Look through the material below, count the lines containing the word "condensed", and state only the count.

The records Block Start

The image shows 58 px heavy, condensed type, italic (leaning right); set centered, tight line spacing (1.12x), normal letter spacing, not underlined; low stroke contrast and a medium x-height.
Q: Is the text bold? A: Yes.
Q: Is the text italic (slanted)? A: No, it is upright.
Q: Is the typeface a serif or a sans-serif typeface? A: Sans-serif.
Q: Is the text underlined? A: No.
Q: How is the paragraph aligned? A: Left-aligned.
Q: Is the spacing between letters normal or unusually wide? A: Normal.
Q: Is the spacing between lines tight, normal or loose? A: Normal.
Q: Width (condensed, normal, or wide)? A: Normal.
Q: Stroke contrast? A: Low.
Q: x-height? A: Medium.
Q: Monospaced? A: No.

The records Block End
The records Block Start

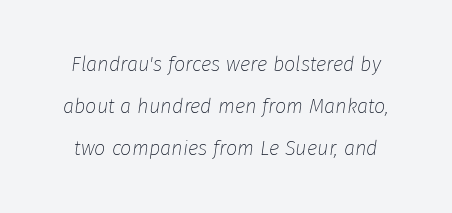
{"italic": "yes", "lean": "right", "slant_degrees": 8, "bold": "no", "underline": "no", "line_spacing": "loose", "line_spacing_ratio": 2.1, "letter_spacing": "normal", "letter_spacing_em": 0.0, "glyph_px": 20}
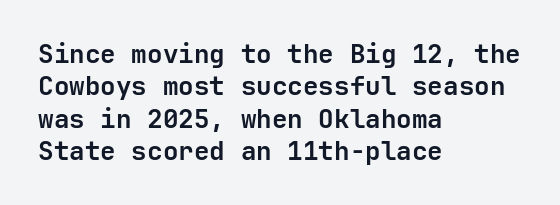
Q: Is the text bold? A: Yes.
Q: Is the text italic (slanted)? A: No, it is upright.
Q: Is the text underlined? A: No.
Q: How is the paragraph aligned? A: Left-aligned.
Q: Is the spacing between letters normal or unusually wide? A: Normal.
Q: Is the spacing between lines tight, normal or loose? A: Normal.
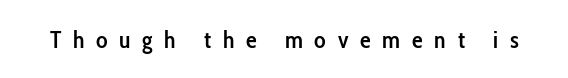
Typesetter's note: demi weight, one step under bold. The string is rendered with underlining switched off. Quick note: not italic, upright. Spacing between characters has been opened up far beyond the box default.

The records Block End

[Response]: 2